We're using stock Ubuntu cloud images w/CloudInit so everything that runs on
Portal will run anywhere Linux VMs run. Once there are some standards for
importing/exporting data we're going to make that a one-click operation. Users
can already download all of their data and completely wipe all remote copies.

The original promise of the internet was that we would all control our own
domain names. Instead we ended up @gmail.com facebook.com, and twitter.com. We
can fix this for less than $10/user/mo now.

------
nosuchthing
Somewhat relevant, the Open Mustard Seed project;

    
    
      The Open Mustard Seed (OMS) project is an open-source framework
       for developing and deploying web apps in a secure, 
      user-centric personal cloud. The framework provides a 
      stack of core technologies that work together to provide 
      a high level of security and ease of use when sharing and 
      collecting personal and environmental data, controlling 
      web-enabled devices, and engaging with others to 
      aggregate information and view the results of applied 
      computation via protected services.
    

[https://docs.openmustardseed.org/](https://docs.openmustardseed.org/)

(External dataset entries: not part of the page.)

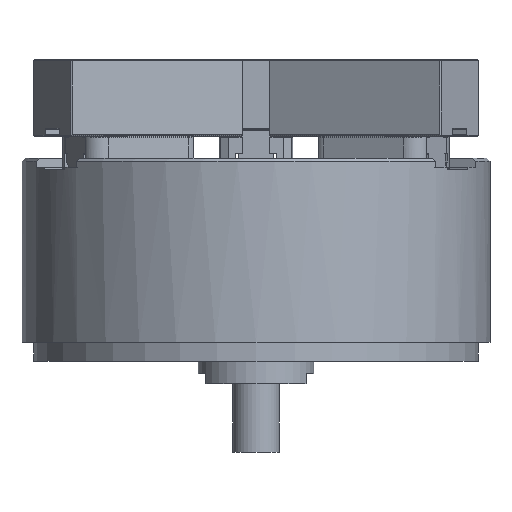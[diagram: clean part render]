
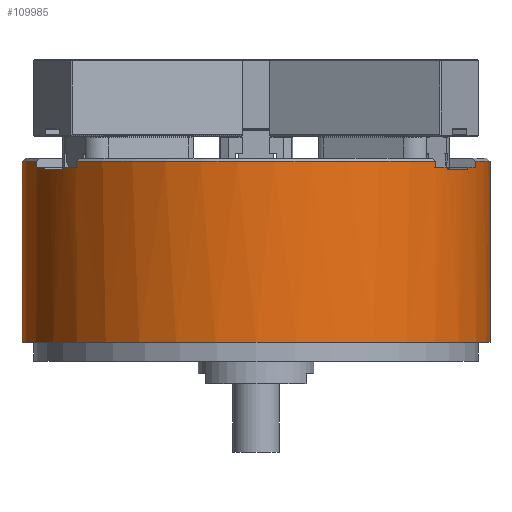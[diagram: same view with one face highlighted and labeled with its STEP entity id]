
A CAD part, front view. The second image highlights one B-rep face of the part: STEP entity #109985.
In plain terms, the highlighted cylindrical face has radius 152 mm (diameter 304 mm), a full revolution.
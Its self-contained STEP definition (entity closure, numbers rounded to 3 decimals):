
#681=CYLINDRICAL_SURFACE('',#116030,152.);
#9671=LINE('',#166010,#23592);
#9677=LINE('',#166024,#23598);
#9680=LINE('',#166032,#23601);
#9681=LINE('',#166034,#23602);
#9682=LINE('',#166043,#23603);
#9684=LINE('',#166046,#23605);
#9688=LINE('',#166058,#23609);
#9693=LINE('',#166077,#23614);
#10522=LINE('',#168219,#24443);
#10528=LINE('',#168233,#24449);
#10537=LINE('',#168254,#24458);
#10544=LINE('',#168268,#24465);
#23592=VECTOR('',#134621,1000.);
#23598=VECTOR('',#134635,1000.);
#23601=VECTOR('',#134644,1000.);
#23602=VECTOR('',#134647,1000.);
#23603=VECTOR('',#134660,1000.);
#23605=VECTOR('',#134664,1000.);
#23609=VECTOR('',#134676,1000.);
#23614=VECTOR('',#134697,1000.);
#24443=VECTOR('',#136606,1000.);
#24449=VECTOR('',#136620,1000.);
#24458=VECTOR('',#136637,1000.);
#24465=VECTOR('',#136648,1000.);
#53761=ORIENTED_EDGE('',*,*,#75199,.F.);
#53762=ORIENTED_EDGE('',*,*,#75409,.F.);
#53763=ORIENTED_EDGE('',*,*,#76244,.T.);
#53764=ORIENTED_EDGE('',*,*,#76253,.F.);
#53765=ORIENTED_EDGE('',*,*,#76251,.T.);
#53766=ORIENTED_EDGE('',*,*,#75402,.F.);
#53767=ORIENTED_EDGE('',*,*,#76234,.F.);
#53768=ORIENTED_EDGE('',*,*,#76254,.T.);
#53769=ORIENTED_EDGE('',*,*,#76227,.F.);
#53770=ORIENTED_EDGE('',*,*,#75406,.F.);
#53771=ORIENTED_EDGE('',*,*,#75190,.T.);
#53772=ORIENTED_EDGE('',*,*,#75158,.F.);
#53773=ORIENTED_EDGE('',*,*,#75177,.T.);
#53774=ORIENTED_EDGE('',*,*,#75155,.T.);
#53775=ORIENTED_EDGE('',*,*,#75172,.F.);
#53776=ORIENTED_EDGE('',*,*,#75161,.T.);
#53777=ORIENTED_EDGE('',*,*,#75164,.F.);
#53778=ORIENTED_EDGE('',*,*,#75180,.T.);
#53779=ORIENTED_EDGE('',*,*,#75184,.T.);
#53780=ORIENTED_EDGE('',*,*,#75167,.F.);
#53781=ORIENTED_EDGE('',*,*,#75176,.T.);
#53782=ORIENTED_EDGE('',*,*,#75173,.T.);
#53783=ORIENTED_EDGE('',*,*,#75182,.F.);
#53784=ORIENTED_EDGE('',*,*,#75170,.T.);
#53785=ORIENTED_EDGE('',*,*,#75401,.T.);
#75155=EDGE_CURVE('',#88304,#88303,#93677,.T.);
#75158=EDGE_CURVE('',#88305,#88306,#93678,.T.);
#75161=EDGE_CURVE('',#88308,#88307,#93679,.T.);
#75164=EDGE_CURVE('',#88310,#88307,#9671,.T.);
#75167=EDGE_CURVE('',#88311,#88312,#93681,.T.);
#75170=EDGE_CURVE('',#88314,#88313,#93682,.T.);
#75172=EDGE_CURVE('',#88308,#88303,#9677,.T.);
#75173=EDGE_CURVE('',#88315,#88316,#93683,.T.);
#75176=EDGE_CURVE('',#88311,#88315,#9680,.T.);
#75177=EDGE_CURVE('',#88305,#88304,#9681,.T.);
#75180=EDGE_CURVE('',#88310,#88318,#93686,.T.);
#75182=EDGE_CURVE('',#88314,#88316,#9682,.T.);
#75184=EDGE_CURVE('',#88318,#88312,#9684,.T.);
#75190=EDGE_CURVE('',#88322,#88306,#9688,.T.);
#75199=EDGE_CURVE('',#88328,#88313,#9693,.T.);
#75401=EDGE_CURVE('',#88483,#88483,#93766,.T.);
#75402=EDGE_CURVE('',#88484,#88485,#93767,.T.);
#75406=EDGE_CURVE('',#88322,#88488,#93768,.T.);
#75409=EDGE_CURVE('',#88489,#88328,#93771,.T.);
#76227=EDGE_CURVE('',#88488,#89032,#10522,.T.);
#76234=EDGE_CURVE('',#89036,#88484,#10528,.T.);
#76244=EDGE_CURVE('',#88489,#89043,#10537,.T.);
#76251=EDGE_CURVE('',#89049,#88485,#10544,.T.);
#76253=EDGE_CURVE('',#89049,#89043,#93875,.T.);
#76254=EDGE_CURVE('',#89036,#89032,#93876,.T.);
#88303=VERTEX_POINT('',#165991);
#88304=VERTEX_POINT('',#165993);
#88305=VERTEX_POINT('',#165997);
#88306=VERTEX_POINT('',#165999);
#88307=VERTEX_POINT('',#166002);
#88308=VERTEX_POINT('',#166004);
#88310=VERTEX_POINT('',#166009);
#88311=VERTEX_POINT('',#166014);
#88312=VERTEX_POINT('',#166016);
#88313=VERTEX_POINT('',#166019);
#88314=VERTEX_POINT('',#166021);
#88315=VERTEX_POINT('',#166027);
#88316=VERTEX_POINT('',#166028);
#88318=VERTEX_POINT('',#166039);
#88322=VERTEX_POINT('',#166056);
#88328=VERTEX_POINT('',#166076);
#88483=VERTEX_POINT('',#166500);
#88484=VERTEX_POINT('',#166503);
#88485=VERTEX_POINT('',#166504);
#88488=VERTEX_POINT('',#166512);
#88489=VERTEX_POINT('',#166516);
#89032=VERTEX_POINT('',#168220);
#89036=VERTEX_POINT('',#168234);
#89043=VERTEX_POINT('',#168253);
#89049=VERTEX_POINT('',#168269);
#93677=CIRCLE('',#115447,152.);
#93678=CIRCLE('',#115449,152.);
#93679=CIRCLE('',#115450,152.);
#93681=CIRCLE('',#115454,152.);
#93682=CIRCLE('',#115455,152.);
#93683=CIRCLE('',#115458,152.);
#93686=CIRCLE('',#115464,152.);
#93766=CIRCLE('',#115618,152.);
#93767=CIRCLE('',#115620,152.);
#93768=CIRCLE('',#115622,152.);
#93771=CIRCLE('',#115626,152.);
#93875=CIRCLE('',#116031,152.);
#93876=CIRCLE('',#116032,152.);
#98435=EDGE_LOOP('',(#53761,#53762,#53763,#53764,#53765,#53766,#53767,#53768,
#53769,#53770,#53771,#53772,#53773,#53774,#53775,#53776,#53777,#53778,#53779,
#53780,#53781,#53782,#53783,#53784));
#98436=EDGE_LOOP('',(#53785));
#104290=FACE_BOUND('',#98435,.T.);
#104291=FACE_BOUND('',#98436,.T.);
#109985=ADVANCED_FACE('',(#104290,#104291),#681,.T.);
#115447=AXIS2_PLACEMENT_3D('',#165992,#134604,#134605);
#115449=AXIS2_PLACEMENT_3D('',#165998,#134610,#134611);
#115450=AXIS2_PLACEMENT_3D('',#166003,#134614,#134615);
#115454=AXIS2_PLACEMENT_3D('',#166015,#134626,#134627);
#115455=AXIS2_PLACEMENT_3D('',#166020,#134630,#134631);
#115458=AXIS2_PLACEMENT_3D('',#166026,#134638,#134639);
#115464=AXIS2_PLACEMENT_3D('',#166040,#134654,#134655);
#115618=AXIS2_PLACEMENT_3D('',#166499,#135103,#135104);
#115620=AXIS2_PLACEMENT_3D('',#166502,#135107,#135108);
#115622=AXIS2_PLACEMENT_3D('',#166511,#135114,#135115);
#115626=AXIS2_PLACEMENT_3D('',#166517,#135122,#135123);
#116030=AXIS2_PLACEMENT_3D('',#168271,#136650,#136651);
#116031=AXIS2_PLACEMENT_3D('',#168272,#136652,#136653);
#116032=AXIS2_PLACEMENT_3D('',#168273,#136654,#136655);
#134604=DIRECTION('',(0.,0.,-1.));
#134605=DIRECTION('',(-0.5,-0.866,0.));
#134610=DIRECTION('',(0.,0.,1.));
#134611=DIRECTION('',(0.5,0.866,0.));
#134614=DIRECTION('',(0.,0.,-1.));
#134615=DIRECTION('',(-0.5,-0.866,0.));
#134621=DIRECTION('',(0.,0.,-1.));
#134626=DIRECTION('',(0.,0.,1.));
#134627=DIRECTION('',(0.5,-0.866,0.));
#134630=DIRECTION('',(0.,0.,-1.));
#134631=DIRECTION('',(-0.5,0.866,0.));
#134635=DIRECTION('',(0.,0.,-1.));
#134638=DIRECTION('',(0.,0.,-1.));
#134639=DIRECTION('',(-0.5,0.866,0.));
#134644=DIRECTION('',(0.,0.,-1.));
#134647=DIRECTION('',(0.,0.,-1.));
#134654=DIRECTION('',(0.,0.,-1.));
#134655=DIRECTION('',(0.5,-0.866,0.));
#134660=DIRECTION('',(0.,0.,-1.));
#134664=DIRECTION('',(0.,0.,-1.));
#134676=DIRECTION('',(0.,0.,-1.));
#134697=DIRECTION('',(0.,0.,-1.));
#135103=DIRECTION('',(0.,0.,1.));
#135104=DIRECTION('',(1.,0.,0.));
#135107=DIRECTION('',(0.,0.,1.));
#135108=DIRECTION('',(-1.,0.,0.));
#135114=DIRECTION('',(0.,0.,1.));
#135115=DIRECTION('',(1.,0.,0.));
#135122=DIRECTION('',(0.,0.,1.));
#135123=DIRECTION('',(-0.5,0.866,0.));
#136606=DIRECTION('',(0.,0.,-1.));
#136620=DIRECTION('',(0.,0.,-1.));
#136637=DIRECTION('',(0.,0.,-1.));
#136648=DIRECTION('',(0.,0.,-1.));
#136650=DIRECTION('',(0.,0.,1.));
#136651=DIRECTION('',(1.,0.,0.));
#136652=DIRECTION('',(0.,0.,1.));
#136653=DIRECTION('',(-1.,0.,0.));
#136654=DIRECTION('',(0.,0.,-1.));
#136655=DIRECTION('',(1.,0.,0.));
#165991=CARTESIAN_POINT('',(124.654,-86.98,-7.4));
#165992=CARTESIAN_POINT('',(0.,0.,-7.4));
#165993=CARTESIAN_POINT('',(137.654,-64.463,-7.4));
#165997=CARTESIAN_POINT('',(137.654,-64.463,-6.));
#165998=CARTESIAN_POINT('',(0.,0.,-6.));
#165999=CARTESIAN_POINT('',(142.696,-52.363,-6.));
#166002=CARTESIAN_POINT('',(116.696,-97.397,-6.));
#166003=CARTESIAN_POINT('',(0.,0.,-6.));
#166004=CARTESIAN_POINT('',(124.654,-86.98,-6.));
#166009=CARTESIAN_POINT('',(116.696,-97.397,-2.));
#166010=CARTESIAN_POINT('',(116.696,-97.397,9.086));
#166014=CARTESIAN_POINT('',(-124.654,-86.98,-6.));
#166015=CARTESIAN_POINT('',(0.,0.,-6.));
#166016=CARTESIAN_POINT('',(-116.696,-97.397,-6.));
#166019=CARTESIAN_POINT('',(-142.696,-52.363,-6.));
#166020=CARTESIAN_POINT('',(0.,0.,-6.));
#166021=CARTESIAN_POINT('',(-137.654,-64.463,-6.));
#166024=CARTESIAN_POINT('',(124.654,-86.98,9.086));
#166026=CARTESIAN_POINT('',(0.,0.,-7.4));
#166027=CARTESIAN_POINT('',(-124.654,-86.98,-7.4));
#166028=CARTESIAN_POINT('',(-137.654,-64.463,-7.4));
#166032=CARTESIAN_POINT('',(-124.654,-86.98,9.086));
#166034=CARTESIAN_POINT('',(137.654,-64.463,9.086));
#166039=CARTESIAN_POINT('',(-116.696,-97.397,-2.));
#166040=CARTESIAN_POINT('',(0.,0.,-2.));
#166043=CARTESIAN_POINT('',(-137.654,-64.463,9.086));
#166046=CARTESIAN_POINT('',(-116.696,-97.397,9.086));
#166056=CARTESIAN_POINT('',(142.696,-52.363,-2.));
#166058=CARTESIAN_POINT('',(142.696,-52.363,9.086));
#166076=CARTESIAN_POINT('',(-142.696,-52.363,-2.));
#166077=CARTESIAN_POINT('',(-142.696,-52.363,9.086));
#166499=CARTESIAN_POINT('',(0.,0.,-119.7));
#166500=CARTESIAN_POINT('',(152.,0.,-119.7));
#166502=CARTESIAN_POINT('',(0.,0.,-7.4));
#166503=CARTESIAN_POINT('',(13.,151.443,-7.4));
#166504=CARTESIAN_POINT('',(-13.,151.443,-7.4));
#166511=CARTESIAN_POINT('',(0.,0.,-2.));
#166512=CARTESIAN_POINT('',(26.,149.76,-2.));
#166516=CARTESIAN_POINT('',(-26.,149.76,-2.));
#166517=CARTESIAN_POINT('',(0.,0.,-2.));
#168219=CARTESIAN_POINT('',(26.,149.76,9.086));
#168220=CARTESIAN_POINT('',(26.,149.76,-6.));
#168233=CARTESIAN_POINT('',(13.,151.443,9.086));
#168234=CARTESIAN_POINT('',(13.,151.443,-6.));
#168253=CARTESIAN_POINT('',(-26.,149.76,-6.));
#168254=CARTESIAN_POINT('',(-26.,149.76,9.086));
#168268=CARTESIAN_POINT('',(-13.,151.443,9.086));
#168269=CARTESIAN_POINT('',(-13.,151.443,-6.));
#168271=CARTESIAN_POINT('',(0.,0.,-0.737));
#168272=CARTESIAN_POINT('',(0.,0.,-6.));
#168273=CARTESIAN_POINT('',(0.,0.,-6.));

[https://github.com/IDCubed/oms-docs](https://github.com/IDCubed/oms-docs)

[http://p2pfoundation.net/Open_Mustard_Seed](http://p2pfoundation.net/Open_Mustard_Seed)

------
staunch
HTTP, SMTP, and XMPP are already functionally decentralized. We still need
decentralized protocols for web search, tweeting, social networking, VoIP, and
a bunch of other things.

In a world where every person runs their own cloud server, all we really need
to do is install the same apps as each other. Apps can just invent their own
(open) protocols and other developers can make apps that interoperate.
Standards can emerge naturally over time.